**What you should do**
From the entries below, retype only the lines from the one with "What do you see at (936, 234)?" through the one with "[275,236,287,265]", exactly as written.

**Entries supplied**
※ ※ ※
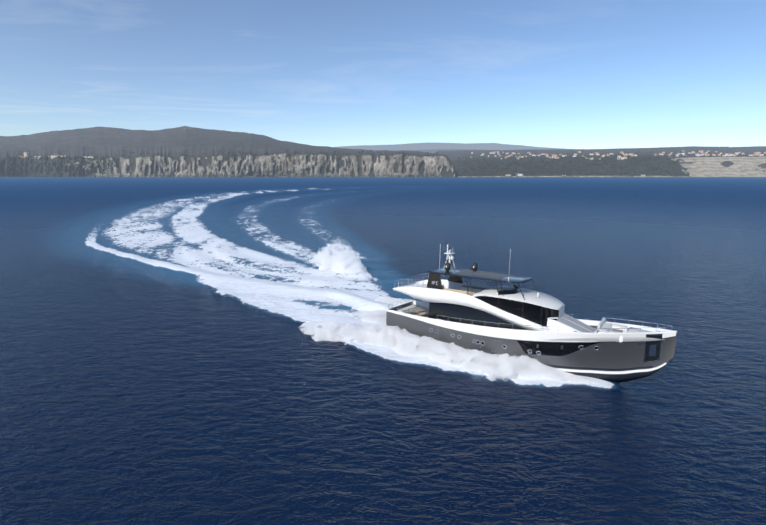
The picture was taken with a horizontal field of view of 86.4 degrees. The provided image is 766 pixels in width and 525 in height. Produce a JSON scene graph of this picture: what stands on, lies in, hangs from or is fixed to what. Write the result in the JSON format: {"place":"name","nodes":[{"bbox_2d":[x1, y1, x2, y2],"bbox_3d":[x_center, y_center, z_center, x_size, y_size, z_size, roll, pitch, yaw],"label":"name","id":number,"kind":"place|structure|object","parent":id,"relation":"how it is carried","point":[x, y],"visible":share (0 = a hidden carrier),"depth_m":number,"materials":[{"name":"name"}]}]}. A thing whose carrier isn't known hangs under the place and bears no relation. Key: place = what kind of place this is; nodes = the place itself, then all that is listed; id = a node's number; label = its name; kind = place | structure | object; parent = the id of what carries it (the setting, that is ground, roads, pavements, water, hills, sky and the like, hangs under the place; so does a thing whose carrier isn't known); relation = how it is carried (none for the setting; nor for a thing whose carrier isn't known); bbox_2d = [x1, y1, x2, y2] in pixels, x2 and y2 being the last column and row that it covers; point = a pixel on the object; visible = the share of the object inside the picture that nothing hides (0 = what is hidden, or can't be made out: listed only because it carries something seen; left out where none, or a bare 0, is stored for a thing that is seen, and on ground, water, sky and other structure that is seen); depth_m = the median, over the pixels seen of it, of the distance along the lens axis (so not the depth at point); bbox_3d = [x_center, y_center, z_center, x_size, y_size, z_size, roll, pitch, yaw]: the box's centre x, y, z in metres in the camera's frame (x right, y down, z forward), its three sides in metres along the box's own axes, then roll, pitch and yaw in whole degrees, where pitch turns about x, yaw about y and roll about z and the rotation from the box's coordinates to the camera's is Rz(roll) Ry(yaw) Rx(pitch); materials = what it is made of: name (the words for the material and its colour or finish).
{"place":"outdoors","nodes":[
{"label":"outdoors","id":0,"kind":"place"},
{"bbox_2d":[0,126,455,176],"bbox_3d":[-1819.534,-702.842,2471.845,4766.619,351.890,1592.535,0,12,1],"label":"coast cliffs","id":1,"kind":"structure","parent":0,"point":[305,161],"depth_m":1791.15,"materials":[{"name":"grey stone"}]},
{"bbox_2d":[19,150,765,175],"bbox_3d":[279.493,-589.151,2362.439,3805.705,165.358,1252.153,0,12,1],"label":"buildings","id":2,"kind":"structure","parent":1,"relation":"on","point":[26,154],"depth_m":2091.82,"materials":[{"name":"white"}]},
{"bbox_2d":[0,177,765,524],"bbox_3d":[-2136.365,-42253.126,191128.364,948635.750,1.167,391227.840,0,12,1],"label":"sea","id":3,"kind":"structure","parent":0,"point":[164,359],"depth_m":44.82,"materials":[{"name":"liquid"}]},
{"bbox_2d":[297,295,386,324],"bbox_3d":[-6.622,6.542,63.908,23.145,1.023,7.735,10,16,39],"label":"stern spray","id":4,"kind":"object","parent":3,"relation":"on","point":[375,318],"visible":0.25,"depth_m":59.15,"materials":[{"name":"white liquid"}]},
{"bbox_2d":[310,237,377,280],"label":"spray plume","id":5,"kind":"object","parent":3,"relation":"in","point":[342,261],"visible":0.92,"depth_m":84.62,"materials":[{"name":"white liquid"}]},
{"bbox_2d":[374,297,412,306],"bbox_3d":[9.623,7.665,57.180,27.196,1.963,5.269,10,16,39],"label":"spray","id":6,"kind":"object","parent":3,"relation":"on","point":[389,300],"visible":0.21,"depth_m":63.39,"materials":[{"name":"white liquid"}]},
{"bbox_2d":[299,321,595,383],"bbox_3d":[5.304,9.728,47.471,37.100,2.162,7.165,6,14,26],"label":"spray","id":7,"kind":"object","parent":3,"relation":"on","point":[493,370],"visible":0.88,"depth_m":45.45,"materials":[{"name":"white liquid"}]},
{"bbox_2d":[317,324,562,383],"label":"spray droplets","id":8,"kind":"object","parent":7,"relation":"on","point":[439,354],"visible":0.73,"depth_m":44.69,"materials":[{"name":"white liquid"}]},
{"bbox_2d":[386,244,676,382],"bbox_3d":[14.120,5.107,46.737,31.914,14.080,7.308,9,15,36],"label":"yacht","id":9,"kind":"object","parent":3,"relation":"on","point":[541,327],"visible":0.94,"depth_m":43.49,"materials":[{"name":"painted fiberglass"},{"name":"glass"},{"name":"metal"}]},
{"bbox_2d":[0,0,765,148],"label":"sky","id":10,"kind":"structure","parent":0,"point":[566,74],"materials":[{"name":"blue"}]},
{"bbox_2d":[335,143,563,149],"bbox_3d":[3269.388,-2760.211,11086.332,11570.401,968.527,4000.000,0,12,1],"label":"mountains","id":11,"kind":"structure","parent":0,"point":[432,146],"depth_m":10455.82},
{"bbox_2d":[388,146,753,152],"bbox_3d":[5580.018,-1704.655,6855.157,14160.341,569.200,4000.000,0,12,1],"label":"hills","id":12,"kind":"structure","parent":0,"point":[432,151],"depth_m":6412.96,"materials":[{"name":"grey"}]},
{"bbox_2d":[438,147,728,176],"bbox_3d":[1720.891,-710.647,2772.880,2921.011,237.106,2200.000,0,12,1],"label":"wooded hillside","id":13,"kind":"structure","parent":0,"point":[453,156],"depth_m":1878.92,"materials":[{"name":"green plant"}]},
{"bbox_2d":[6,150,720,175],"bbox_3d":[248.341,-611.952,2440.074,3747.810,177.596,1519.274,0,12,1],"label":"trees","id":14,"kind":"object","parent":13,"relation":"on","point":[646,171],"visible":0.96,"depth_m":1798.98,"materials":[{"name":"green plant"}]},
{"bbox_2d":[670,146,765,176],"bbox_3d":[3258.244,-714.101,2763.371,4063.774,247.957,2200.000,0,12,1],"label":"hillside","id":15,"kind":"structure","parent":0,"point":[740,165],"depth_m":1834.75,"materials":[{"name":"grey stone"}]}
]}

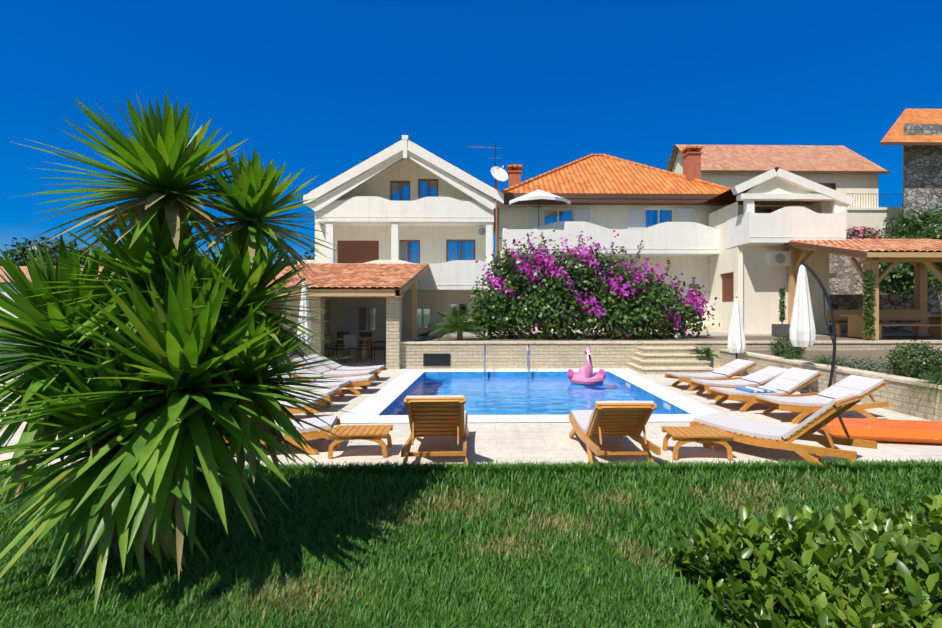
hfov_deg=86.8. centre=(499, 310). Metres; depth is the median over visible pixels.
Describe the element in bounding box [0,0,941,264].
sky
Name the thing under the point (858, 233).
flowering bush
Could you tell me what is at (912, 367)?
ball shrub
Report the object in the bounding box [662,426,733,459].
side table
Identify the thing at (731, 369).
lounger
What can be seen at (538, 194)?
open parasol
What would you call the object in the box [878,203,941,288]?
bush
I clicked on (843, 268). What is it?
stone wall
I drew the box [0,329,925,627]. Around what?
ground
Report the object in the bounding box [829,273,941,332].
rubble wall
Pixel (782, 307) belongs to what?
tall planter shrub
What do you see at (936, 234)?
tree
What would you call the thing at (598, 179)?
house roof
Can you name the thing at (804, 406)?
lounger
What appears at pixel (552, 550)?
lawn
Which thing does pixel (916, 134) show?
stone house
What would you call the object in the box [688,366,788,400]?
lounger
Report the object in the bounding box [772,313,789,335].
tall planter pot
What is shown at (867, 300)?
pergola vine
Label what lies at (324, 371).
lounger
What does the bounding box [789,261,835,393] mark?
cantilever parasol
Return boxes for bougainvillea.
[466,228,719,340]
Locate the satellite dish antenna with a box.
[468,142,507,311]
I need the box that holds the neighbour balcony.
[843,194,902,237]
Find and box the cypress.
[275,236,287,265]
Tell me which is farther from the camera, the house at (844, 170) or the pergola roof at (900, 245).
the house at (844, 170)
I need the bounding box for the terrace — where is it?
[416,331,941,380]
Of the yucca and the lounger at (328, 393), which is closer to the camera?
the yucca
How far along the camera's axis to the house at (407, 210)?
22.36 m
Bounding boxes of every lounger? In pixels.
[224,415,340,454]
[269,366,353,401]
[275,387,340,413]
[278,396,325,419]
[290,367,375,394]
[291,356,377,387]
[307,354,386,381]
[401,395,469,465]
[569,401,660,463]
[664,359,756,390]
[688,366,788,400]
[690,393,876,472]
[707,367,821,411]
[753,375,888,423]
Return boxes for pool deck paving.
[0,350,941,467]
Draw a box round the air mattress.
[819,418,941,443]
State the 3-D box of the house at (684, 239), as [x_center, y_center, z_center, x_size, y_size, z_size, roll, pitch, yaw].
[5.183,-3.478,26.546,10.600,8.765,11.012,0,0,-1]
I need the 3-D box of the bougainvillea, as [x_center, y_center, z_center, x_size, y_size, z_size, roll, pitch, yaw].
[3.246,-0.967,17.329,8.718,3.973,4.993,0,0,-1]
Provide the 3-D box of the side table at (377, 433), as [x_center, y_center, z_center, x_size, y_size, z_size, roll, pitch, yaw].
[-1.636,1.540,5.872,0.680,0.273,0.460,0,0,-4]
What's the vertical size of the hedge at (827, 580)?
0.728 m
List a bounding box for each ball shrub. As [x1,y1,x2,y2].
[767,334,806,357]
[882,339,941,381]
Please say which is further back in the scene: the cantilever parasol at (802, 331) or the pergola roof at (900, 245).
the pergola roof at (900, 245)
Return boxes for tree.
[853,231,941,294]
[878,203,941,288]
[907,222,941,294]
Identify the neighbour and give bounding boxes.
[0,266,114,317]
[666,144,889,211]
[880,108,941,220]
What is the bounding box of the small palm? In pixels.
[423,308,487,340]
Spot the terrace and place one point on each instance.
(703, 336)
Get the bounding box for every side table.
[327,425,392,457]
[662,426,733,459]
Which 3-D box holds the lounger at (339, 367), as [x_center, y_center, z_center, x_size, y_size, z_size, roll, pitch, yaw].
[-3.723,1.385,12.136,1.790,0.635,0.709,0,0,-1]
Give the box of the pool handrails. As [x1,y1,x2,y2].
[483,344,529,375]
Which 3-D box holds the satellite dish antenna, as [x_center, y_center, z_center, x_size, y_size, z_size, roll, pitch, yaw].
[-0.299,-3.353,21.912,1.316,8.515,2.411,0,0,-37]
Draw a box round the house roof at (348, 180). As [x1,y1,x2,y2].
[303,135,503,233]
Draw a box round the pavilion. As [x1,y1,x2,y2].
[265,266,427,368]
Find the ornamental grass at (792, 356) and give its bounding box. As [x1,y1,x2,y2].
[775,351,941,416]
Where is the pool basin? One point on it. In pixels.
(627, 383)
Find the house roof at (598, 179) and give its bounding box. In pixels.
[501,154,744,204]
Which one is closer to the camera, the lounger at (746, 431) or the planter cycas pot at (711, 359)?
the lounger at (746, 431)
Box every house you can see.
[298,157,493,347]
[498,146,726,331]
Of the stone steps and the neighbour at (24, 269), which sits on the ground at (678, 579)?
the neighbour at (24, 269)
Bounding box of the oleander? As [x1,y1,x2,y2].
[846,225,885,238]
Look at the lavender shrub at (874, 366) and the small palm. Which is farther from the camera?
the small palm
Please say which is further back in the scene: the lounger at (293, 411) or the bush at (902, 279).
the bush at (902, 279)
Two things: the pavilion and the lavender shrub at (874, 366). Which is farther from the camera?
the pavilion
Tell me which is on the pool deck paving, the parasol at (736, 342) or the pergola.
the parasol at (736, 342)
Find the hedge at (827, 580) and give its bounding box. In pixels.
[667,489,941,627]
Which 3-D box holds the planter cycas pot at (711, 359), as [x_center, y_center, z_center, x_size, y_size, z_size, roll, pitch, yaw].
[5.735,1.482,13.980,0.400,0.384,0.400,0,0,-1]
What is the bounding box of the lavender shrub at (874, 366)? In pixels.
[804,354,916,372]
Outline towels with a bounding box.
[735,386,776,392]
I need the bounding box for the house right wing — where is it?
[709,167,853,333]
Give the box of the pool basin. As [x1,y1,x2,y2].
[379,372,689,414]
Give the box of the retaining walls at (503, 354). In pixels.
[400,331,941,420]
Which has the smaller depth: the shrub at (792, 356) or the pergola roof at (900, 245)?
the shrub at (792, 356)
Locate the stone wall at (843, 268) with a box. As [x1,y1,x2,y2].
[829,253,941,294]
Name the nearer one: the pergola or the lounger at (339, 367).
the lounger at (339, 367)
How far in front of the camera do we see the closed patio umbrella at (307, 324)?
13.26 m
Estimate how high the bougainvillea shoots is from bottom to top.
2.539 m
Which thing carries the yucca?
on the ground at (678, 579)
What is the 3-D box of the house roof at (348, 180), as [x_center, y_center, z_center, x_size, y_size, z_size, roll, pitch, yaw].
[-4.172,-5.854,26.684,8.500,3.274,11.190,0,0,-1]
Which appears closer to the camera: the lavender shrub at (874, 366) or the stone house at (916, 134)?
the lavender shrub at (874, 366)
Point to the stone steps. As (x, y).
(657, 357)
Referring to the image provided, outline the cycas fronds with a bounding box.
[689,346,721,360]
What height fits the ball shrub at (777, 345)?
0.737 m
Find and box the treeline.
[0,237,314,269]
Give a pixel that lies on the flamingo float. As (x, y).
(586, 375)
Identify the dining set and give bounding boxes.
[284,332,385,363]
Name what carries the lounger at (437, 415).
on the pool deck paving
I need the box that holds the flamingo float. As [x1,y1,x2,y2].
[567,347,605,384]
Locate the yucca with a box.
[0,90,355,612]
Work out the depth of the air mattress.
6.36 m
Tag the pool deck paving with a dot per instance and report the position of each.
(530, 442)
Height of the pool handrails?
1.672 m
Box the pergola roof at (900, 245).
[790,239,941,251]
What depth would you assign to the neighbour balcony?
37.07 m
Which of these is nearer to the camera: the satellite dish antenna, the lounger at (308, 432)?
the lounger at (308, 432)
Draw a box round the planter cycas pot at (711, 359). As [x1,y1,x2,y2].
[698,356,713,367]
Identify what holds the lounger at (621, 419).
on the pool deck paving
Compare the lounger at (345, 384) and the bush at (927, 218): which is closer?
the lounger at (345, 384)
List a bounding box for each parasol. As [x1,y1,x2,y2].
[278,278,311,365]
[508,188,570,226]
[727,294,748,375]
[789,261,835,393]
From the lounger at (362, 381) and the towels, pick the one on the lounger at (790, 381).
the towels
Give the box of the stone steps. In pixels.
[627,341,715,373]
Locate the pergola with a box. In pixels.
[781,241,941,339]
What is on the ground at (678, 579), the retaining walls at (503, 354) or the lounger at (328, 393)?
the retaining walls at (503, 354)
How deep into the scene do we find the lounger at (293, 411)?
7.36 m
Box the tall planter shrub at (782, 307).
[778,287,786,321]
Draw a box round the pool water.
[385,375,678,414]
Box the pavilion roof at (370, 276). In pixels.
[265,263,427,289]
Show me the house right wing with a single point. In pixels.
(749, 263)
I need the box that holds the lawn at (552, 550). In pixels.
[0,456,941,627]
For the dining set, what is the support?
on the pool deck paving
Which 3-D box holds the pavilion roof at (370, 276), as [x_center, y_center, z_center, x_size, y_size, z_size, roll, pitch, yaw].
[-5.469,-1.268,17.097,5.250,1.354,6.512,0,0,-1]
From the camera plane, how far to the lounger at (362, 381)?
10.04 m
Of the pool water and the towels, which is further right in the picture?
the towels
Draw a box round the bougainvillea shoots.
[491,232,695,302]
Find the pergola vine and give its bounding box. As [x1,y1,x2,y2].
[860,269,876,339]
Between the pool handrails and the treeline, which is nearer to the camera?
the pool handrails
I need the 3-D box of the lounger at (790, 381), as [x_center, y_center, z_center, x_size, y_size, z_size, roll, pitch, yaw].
※ ※ ※
**The answer**
What do you see at (936, 234)?
tree
What would you call the thing at (598, 179)?
house roof
Can you name the thing at (804, 406)?
lounger
What appears at pixel (552, 550)?
lawn
Which thing does pixel (916, 134) show?
stone house
What would you call the object in the box [688,366,788,400]?
lounger
Report the object in the bounding box [772,313,789,335].
tall planter pot
What is shown at (867, 300)?
pergola vine
Label what lies at (324, 371).
lounger
What does the bounding box [789,261,835,393] mark?
cantilever parasol
Return boxes for bougainvillea.
[466,228,719,340]
Locate the satellite dish antenna with a box.
[468,142,507,311]
I need the box that holds the neighbour balcony.
[843,194,902,237]
Find and box the cypress.
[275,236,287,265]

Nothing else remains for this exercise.